Your task is to retype every entry exactly, omitting nothing.
:: Available data
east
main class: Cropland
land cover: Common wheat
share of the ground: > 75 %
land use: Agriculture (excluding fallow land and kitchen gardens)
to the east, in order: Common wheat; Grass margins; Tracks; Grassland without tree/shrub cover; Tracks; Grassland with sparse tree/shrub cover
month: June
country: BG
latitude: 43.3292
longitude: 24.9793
::::
Written answer:
east
main class: Cropland
land cover: Common wheat
share of the ground: > 75 %
land use: Agriculture (excluding fallow land and kitchen gardens)
to the east, in order: Common wheat; Grass margins; Tracks; Grassland without tree/shrub cover; Tracks; Grassland with sparse tree/shrub cover
month: June
country: BG
latitude: 43.3292
longitude: 24.9793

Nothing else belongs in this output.